The bundler/runtime picks the right build automatically via the package exports map.
📚 Docs: https://devtools.hapbeat.com/docs/sdk-integration/ · 🤖 AI agents: see
AGENTS.md
This is the level-1 SDK: the fire side (play / stop) and the tuning
side (EventMap) are orthogonal and linked only by an event id — the same design
as the Hapbeat Unity SDK. You ship instructions; the haptic waveform lives in the
kit on the device (authored in Hapbeat Studio).
npm install @hapbeat/sdkESM-only ("type": "module"). The browser path also needs the helper daemon:
pip install hapbeat-helper → run hapbeat-helper.
import { connect } from "@hapbeat/sdk";
const hb = await connect({ appName: "MyApp" }); // opens UDP broadcast + keep-alive
hb.play("sample-kit.sine_100hz", { gain: 0.3 }); // fire by event id (gain 0..1)
hb.play("sample-kit.sine_100hz"); // gain omitted → kit/EventMap baseline
hb.stopAll();
await hb.close();import { connect } from "@hapbeat/sdk";
const hb = await connect({ appName: "MyWebXR" }); // → ws://localhost:7703 (helper)
hb.play("sample-kit.sine_100hz", { gain: 0.5 });"sample-kit.sine_100hz" must be an event id in the kit deployed to the device (via Hapbeat
Studio). Use it in React the same way — connect() once (e.g. in an effect / a
module singleton), then hb.play(...) from event handlers.
import { connect } from "@hapbeat/sdk"; // resolves to the "react-native" build (Metro)
const hb = await connect({ appName: "MyApp" }); // direct UDP broadcast from the phone
hb.play("sample-kit.sine_100hz", { gain: 0.5 });Install the optional native module + the required polyfill: npm install react-native-udp fast-text-encoding (RN Hermes — including 0.86 — ships TextEncoder but not
TextDecoder). Also add the metro.config.js resolver and import 'fast-text-encoding'
as the first import. Full setup + a runnable Android demo (command + streaming, verified
on a physical device) is in examples/react-native/.
Read per-event baseline intensities from the kit manifest so play("id") fires at the
authored strength without hard-coding gains:
import { connect, EventMap } from "@hapbeat/sdk";
const manifest = await fetch("/my-kit/my-kit-manifest.json").then((r) => r.json());
const hb = await connect({ eventMap: EventMap.fromManifest(manifest) });
hb.play("sample-kit.sine_100hz"); // uses the manifest's intensity for this eventThe kit manifest decides the mode per event; your code never changes:
| manifest bucket | mode | what happens | needs kit on device? |
|---|---|---|---|
events |
command | SDK sends PLAY; the device plays its installed clip |
yes (flash kit in Studio) |
stream_events |
clip | SDK loads the event's WAV (clipBase + clipLoader) and streams it over the wire |
no |
- No
eventMap→ everything is command mode (gain defaults to1.0). - Clip WAVs are 16 kHz PCM16; the SDK does not resample. One stream at a time.

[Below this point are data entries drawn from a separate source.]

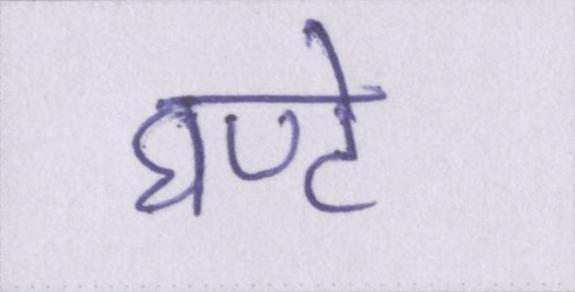
घण्टे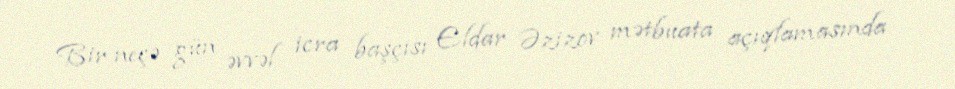
Bir neçə gün əvvəl icra başçısı Eldar Əzizov mətbuata açıqlamasında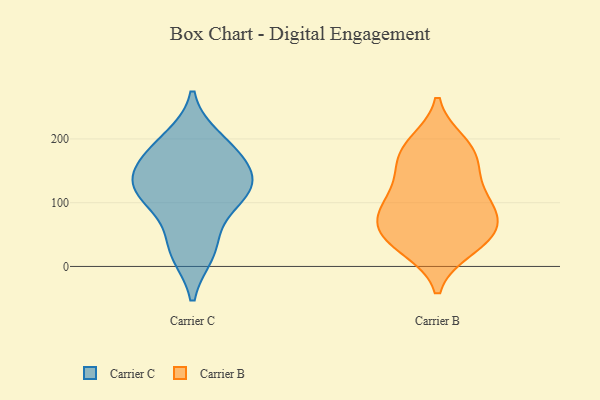
{"axis": {"x": "Energy Usage (MWh)", "y": "Value"}, "legend": ["Carrier B", "Carrier C"], "data": [{"x": "", "y": 175, "type": "Carrier C"}, {"x": "", "y": 125, "type": "Carrier C"}, {"x": "", "y": 198, "type": "Carrier C"}, {"x": "", "y": 122, "type": "Carrier C"}, {"x": "", "y": 98, "type": "Carrier C"}, {"x": "", "y": 176, "type": "Carrier C"}, {"x": "", "y": 140, "type": "Carrier C"}, {"x": "", "y": 119, "type": "Carrier C"}, {"x": "", "y": 32, "type": "Carrier C"}, {"x": "", "y": 23, "type": "Carrier C"}, {"x": "", "y": 97, "type": "Carrier B"}, {"x": "", "y": 152, "type": "Carrier B"}, {"x": "", "y": 192, "type": "Carrier B"}, {"x": "", "y": 58, "type": "Carrier B"}, {"x": "", "y": 125, "type": "Carrier B"}, {"x": "", "y": 67, "type": "Carrier B"}, {"x": "", "y": 30, "type": "Carrier B"}, {"x": "", "y": 84, "type": "Carrier B"}, {"x": "", "y": 39, "type": "Carrier B"}, {"x": "", "y": 178, "type": "Carrier B"}, {"x": "", "y": 44, "type": "Carrier B"}, {"x": "", "y": 97, "type": "Carrier B"}, {"x": "", "y": 179, "type": "Carrier B"}]}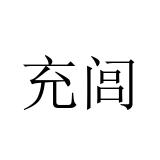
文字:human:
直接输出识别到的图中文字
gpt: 充闾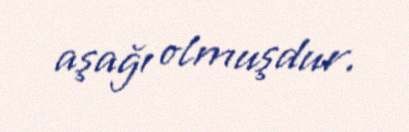
aşağı olmuşdur.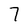
Character: 7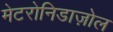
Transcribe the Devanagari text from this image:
मेटरोनिडाज़ोल
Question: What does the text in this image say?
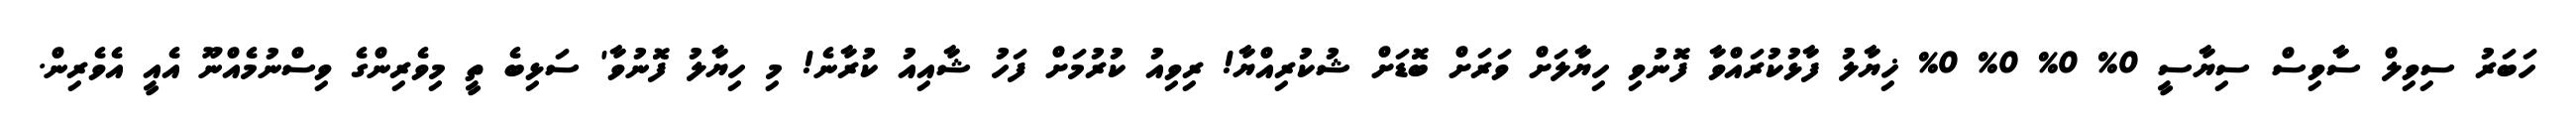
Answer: ހަބަރު ސިވިލް ސާވިސް ސިޔާސީ 0% 0% 0% 0% ޚިޔާލު ފާޅުކުރައްވާ ފޮނުވި ހިޔާލަށް ވަރަށް ބޮޑަށް ޝުކުރިއްޔާ! ރިވިއު ކުރުމަށް ފަހު ޝާއިއު ކުރާނެ! މި ހިޔާލު ފޮނުވާ' ސަޅިބެ ތީ މިވެރިންގެ ވިސްނުމެއްނޫ އެއީ އެވެރިން.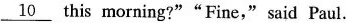
\underline{10} this morning?""Fine,"said Paul.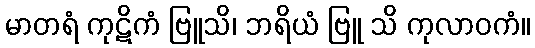
မာတရံ ကုဋိကံ ဗြူသိ၊ ဘရိယံ ဗြူ သိ ကုလာဝကံ။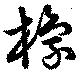
橡

For per-frame–modulated haptics (a directional tone in a game loop, a tightening rumble), open a persistent stream instead of firing discrete clips:
const live = hb.openStream({ channels: 2, sampleRate: 16000 });
function frame(pcm /* Uint8Array, your synthesized chunk */) {
live.write(pcm); // STREAM_BEGIN once, then chunks — no per-chunk teardown
}
// …later
live.close();hb.streamPcm(pcm, { channels: 2 }) sends a single ad-hoc PCM16 buffer (stereo = L/R
direction, since PLAY has no pan). One session at a time: a clip, streamPcm, or a
new openStream ends the previous live stream.
for (const d of await hb.discover(1500)) console.log(d.ip, d.address);
hb.play("sample-kit.sine_100hz", { target: "player_1/chest" }); // one device
hb.play("sample-kit.sine_100hz", { target: "*/chest" }); // all chest devices
hb.play("sample-kit.sine_100hz", { target: "" }); // broadcast (default)your-app/
├── src/ … your code: connect() + play(id)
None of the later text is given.